Working from the entries that follow, transcribe exactly and only the lines from the one with "އެއާއެކު ގުރޫޕު ހަދައިގެން" through the last, pictures excluded.

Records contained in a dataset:
----

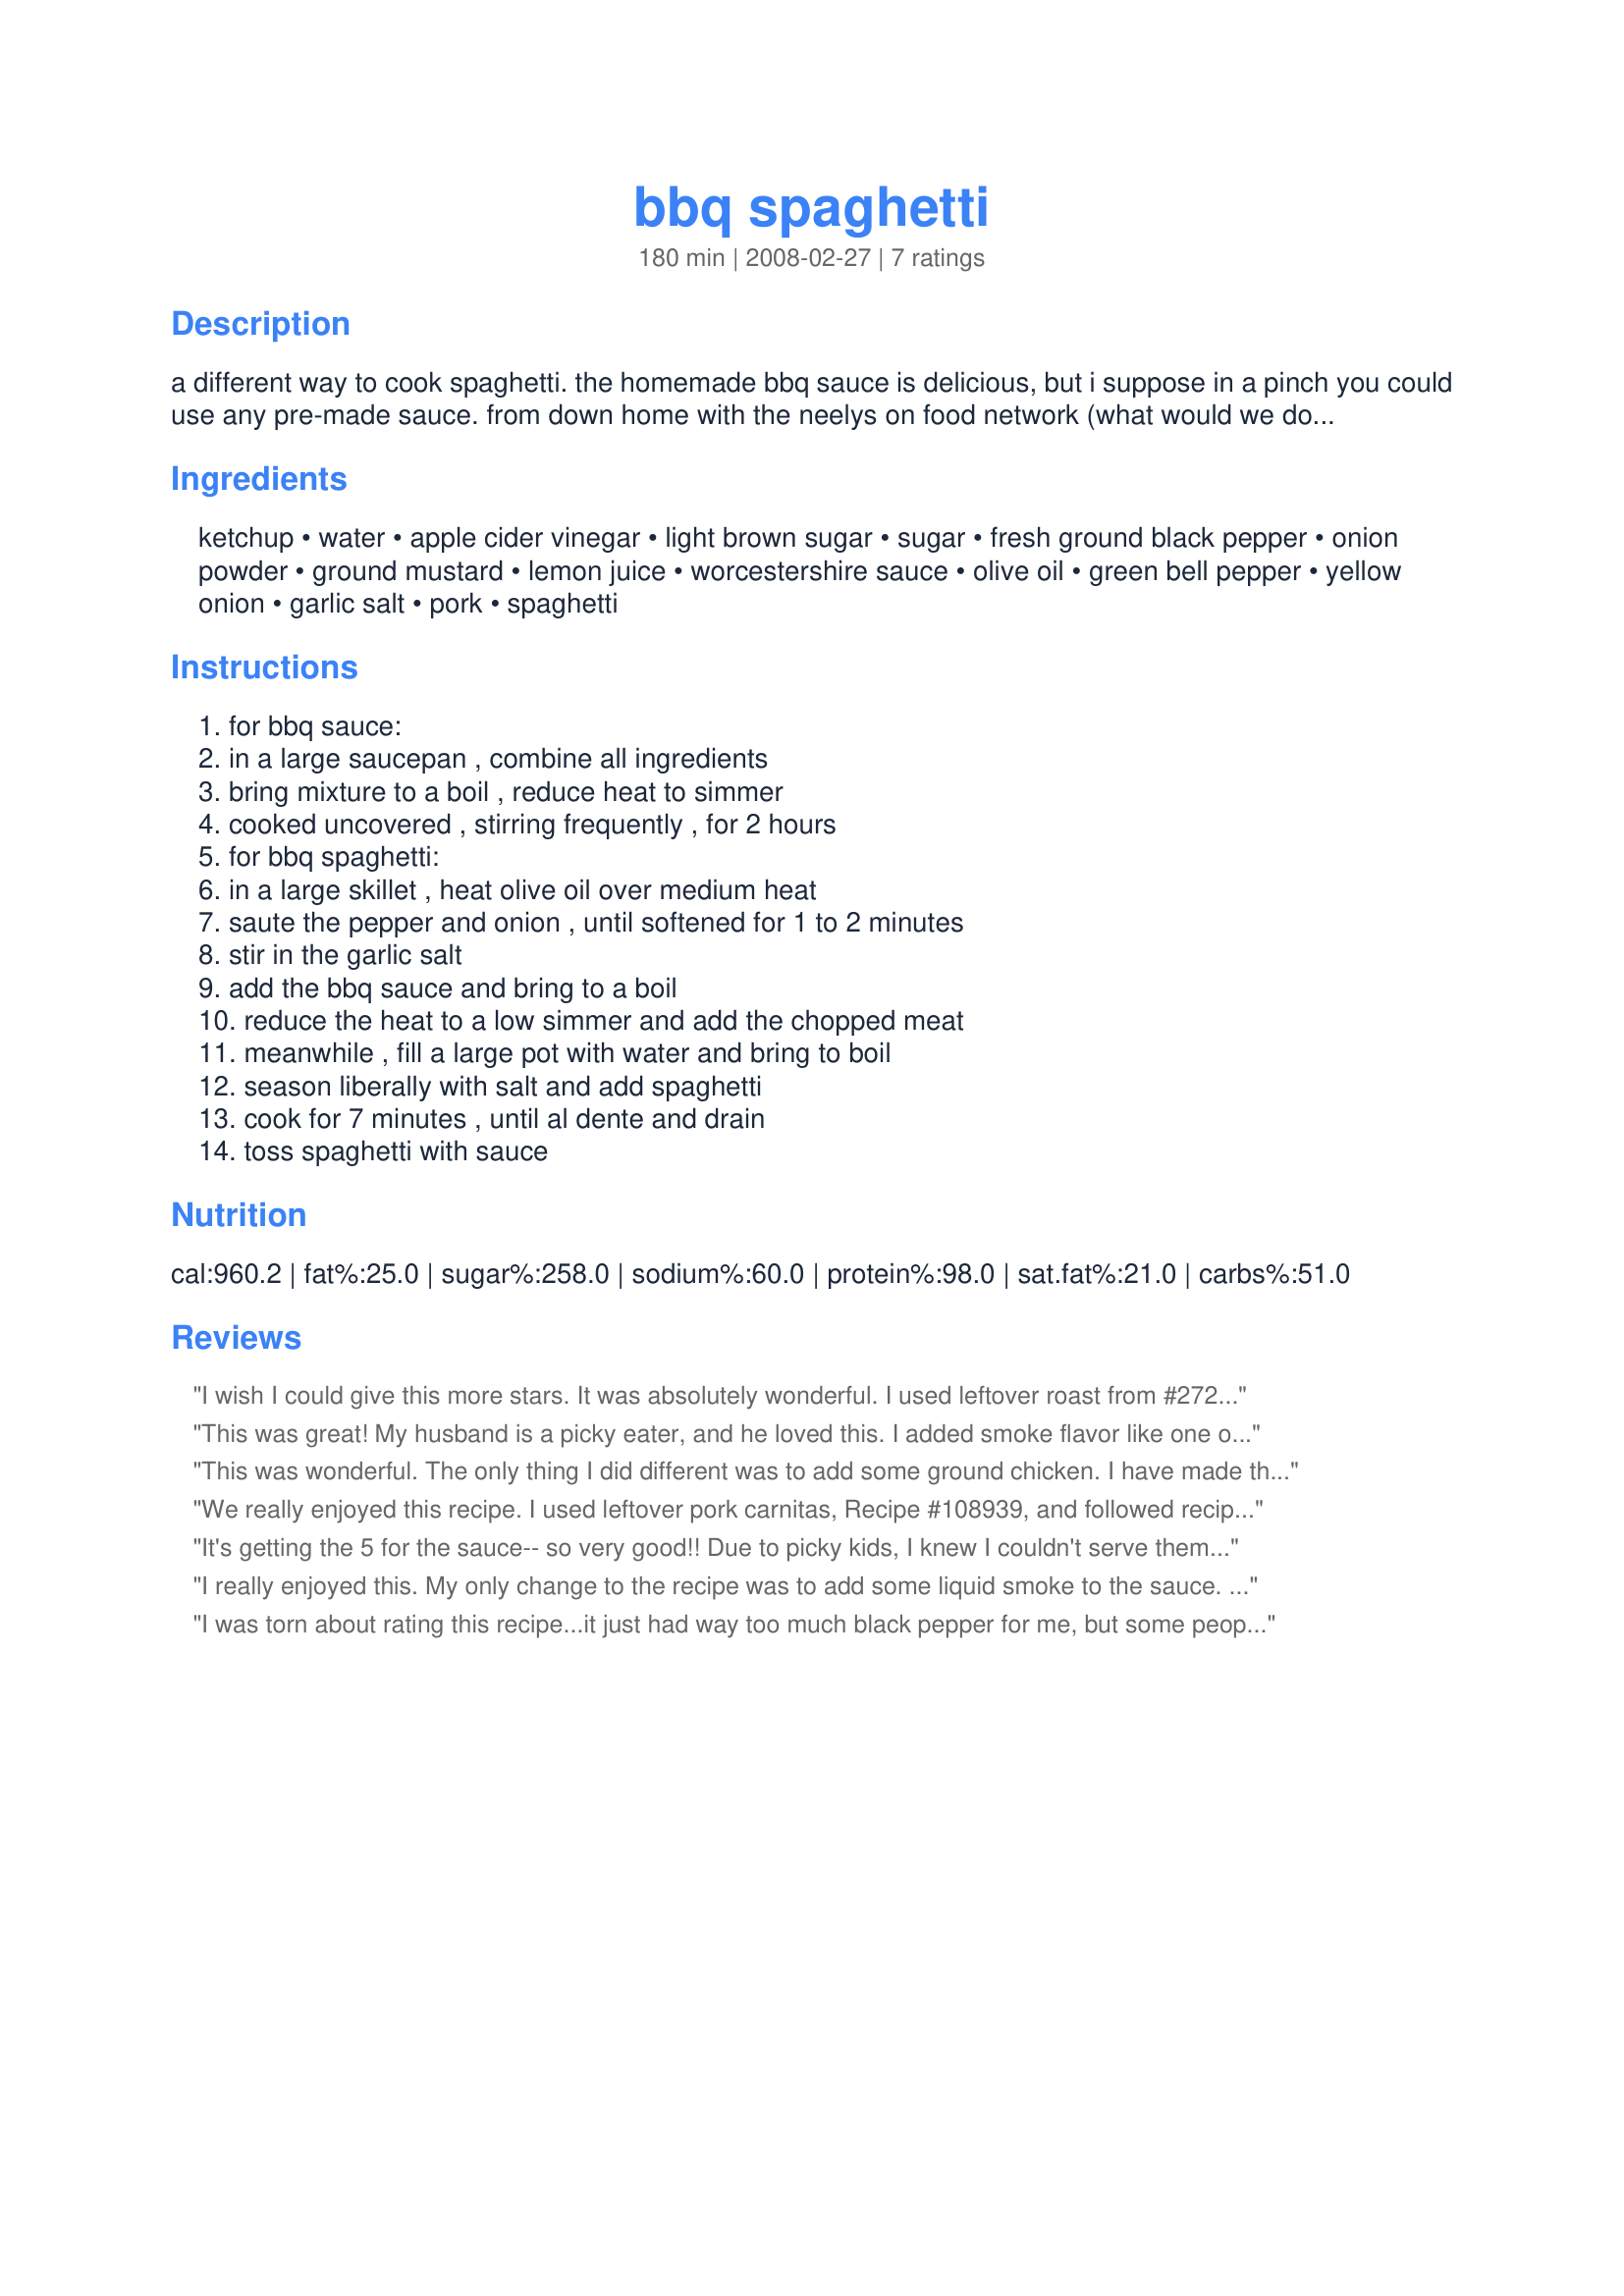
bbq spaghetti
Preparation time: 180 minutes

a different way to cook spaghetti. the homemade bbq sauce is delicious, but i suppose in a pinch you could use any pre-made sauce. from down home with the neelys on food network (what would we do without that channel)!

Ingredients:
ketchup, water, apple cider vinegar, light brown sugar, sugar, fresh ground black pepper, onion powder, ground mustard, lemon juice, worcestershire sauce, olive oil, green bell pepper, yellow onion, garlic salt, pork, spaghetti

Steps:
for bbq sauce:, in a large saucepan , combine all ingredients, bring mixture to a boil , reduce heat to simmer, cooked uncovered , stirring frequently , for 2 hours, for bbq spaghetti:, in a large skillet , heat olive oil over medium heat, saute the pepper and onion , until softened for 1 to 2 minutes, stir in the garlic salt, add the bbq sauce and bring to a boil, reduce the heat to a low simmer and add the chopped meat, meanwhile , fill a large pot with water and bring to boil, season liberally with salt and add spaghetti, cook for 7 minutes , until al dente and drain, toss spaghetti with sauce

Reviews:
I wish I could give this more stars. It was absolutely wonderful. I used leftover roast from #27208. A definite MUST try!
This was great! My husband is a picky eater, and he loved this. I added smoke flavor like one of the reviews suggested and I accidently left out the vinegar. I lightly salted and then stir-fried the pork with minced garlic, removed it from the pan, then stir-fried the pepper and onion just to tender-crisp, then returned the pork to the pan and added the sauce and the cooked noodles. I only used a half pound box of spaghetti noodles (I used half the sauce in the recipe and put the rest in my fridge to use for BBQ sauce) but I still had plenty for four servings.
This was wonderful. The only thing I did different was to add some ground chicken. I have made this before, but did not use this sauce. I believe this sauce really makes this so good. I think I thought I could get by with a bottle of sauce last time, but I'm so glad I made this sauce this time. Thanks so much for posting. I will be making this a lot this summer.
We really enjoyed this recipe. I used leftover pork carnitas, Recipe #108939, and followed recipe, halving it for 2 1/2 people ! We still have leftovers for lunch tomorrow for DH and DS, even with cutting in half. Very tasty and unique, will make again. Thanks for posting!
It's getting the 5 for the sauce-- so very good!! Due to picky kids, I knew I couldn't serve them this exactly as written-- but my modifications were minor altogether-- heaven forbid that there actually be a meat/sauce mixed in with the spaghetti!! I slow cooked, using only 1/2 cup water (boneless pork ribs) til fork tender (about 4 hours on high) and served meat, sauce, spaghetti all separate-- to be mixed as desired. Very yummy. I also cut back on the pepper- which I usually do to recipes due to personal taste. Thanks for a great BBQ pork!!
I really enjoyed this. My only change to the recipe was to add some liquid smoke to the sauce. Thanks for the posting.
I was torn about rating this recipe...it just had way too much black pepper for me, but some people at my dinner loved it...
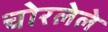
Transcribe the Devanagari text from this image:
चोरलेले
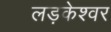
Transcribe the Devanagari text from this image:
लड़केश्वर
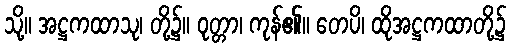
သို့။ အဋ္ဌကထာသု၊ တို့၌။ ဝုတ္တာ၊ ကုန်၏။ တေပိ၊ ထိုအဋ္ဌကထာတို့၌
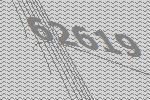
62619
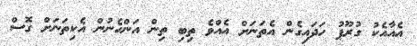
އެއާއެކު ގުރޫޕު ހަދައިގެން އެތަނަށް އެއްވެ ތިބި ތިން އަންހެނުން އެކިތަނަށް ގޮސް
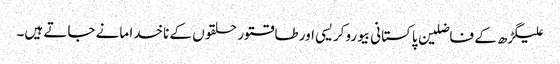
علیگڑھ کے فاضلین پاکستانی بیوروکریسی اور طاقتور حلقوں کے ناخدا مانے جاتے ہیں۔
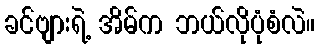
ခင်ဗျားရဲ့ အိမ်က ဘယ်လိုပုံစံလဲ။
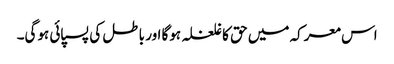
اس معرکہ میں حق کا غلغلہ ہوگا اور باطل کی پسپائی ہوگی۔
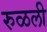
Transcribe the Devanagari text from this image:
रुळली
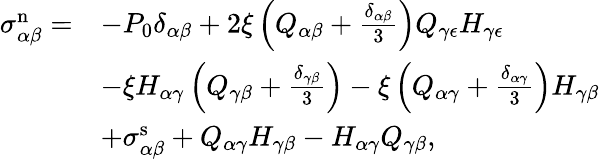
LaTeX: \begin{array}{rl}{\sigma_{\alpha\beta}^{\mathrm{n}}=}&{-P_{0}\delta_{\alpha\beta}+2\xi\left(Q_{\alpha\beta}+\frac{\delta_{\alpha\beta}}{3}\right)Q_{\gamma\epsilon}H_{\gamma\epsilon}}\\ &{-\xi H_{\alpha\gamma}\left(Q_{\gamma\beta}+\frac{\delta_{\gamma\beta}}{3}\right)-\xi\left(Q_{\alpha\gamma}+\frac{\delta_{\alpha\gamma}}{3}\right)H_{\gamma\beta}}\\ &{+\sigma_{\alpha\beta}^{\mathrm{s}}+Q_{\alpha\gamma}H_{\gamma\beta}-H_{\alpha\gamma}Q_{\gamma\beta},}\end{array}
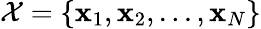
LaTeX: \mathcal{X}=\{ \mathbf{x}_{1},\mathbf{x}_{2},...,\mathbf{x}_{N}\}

----

• Written answer
އެއާއެކު ގުރޫޕު ހަދައިގެން އެތަނަށް އެއްވެ ތިބި ތިން އަންހެނުން އެކިތަނަށް ގޮސް
علیگڑھ کے فاضلین پاکستانی بیوروکریسی اور طاقتور حلقوں کے ناخدا مانے جاتے ہیں۔
ခင်ဗျားရဲ့ အိမ်က ဘယ်လိုပုံစံလဲ။
اس معرکہ میں حق کا غلغلہ ہوگا اور باطل کی پسپائی ہوگی۔
Transcribe the Devanagari text from this image:
रुळली
LaTeX: \begin{array}{rl}{\sigma_{\alpha\beta}^{\mathrm{n}}=}&{-P_{0}\delta_{\alpha\beta}+2\xi\left(Q_{\alpha\beta}+\frac{\delta_{\alpha\beta}}{3}\right)Q_{\gamma\epsilon}H_{\gamma\epsilon}}\\ &{-\xi H_{\alpha\gamma}\left(Q_{\gamma\beta}+\frac{\delta_{\gamma\beta}}{3}\right)-\xi\left(Q_{\alpha\gamma}+\frac{\delta_{\alpha\gamma}}{3}\right)H_{\gamma\beta}}\\ &{+\sigma_{\alpha\beta}^{\mathrm{s}}+Q_{\alpha\gamma}H_{\gamma\beta}-H_{\alpha\gamma}Q_{\gamma\beta},}\end{array}
LaTeX: \mathcal{X}=\{ \mathbf{x}_{1},\mathbf{x}_{2},...,\mathbf{x}_{N}\}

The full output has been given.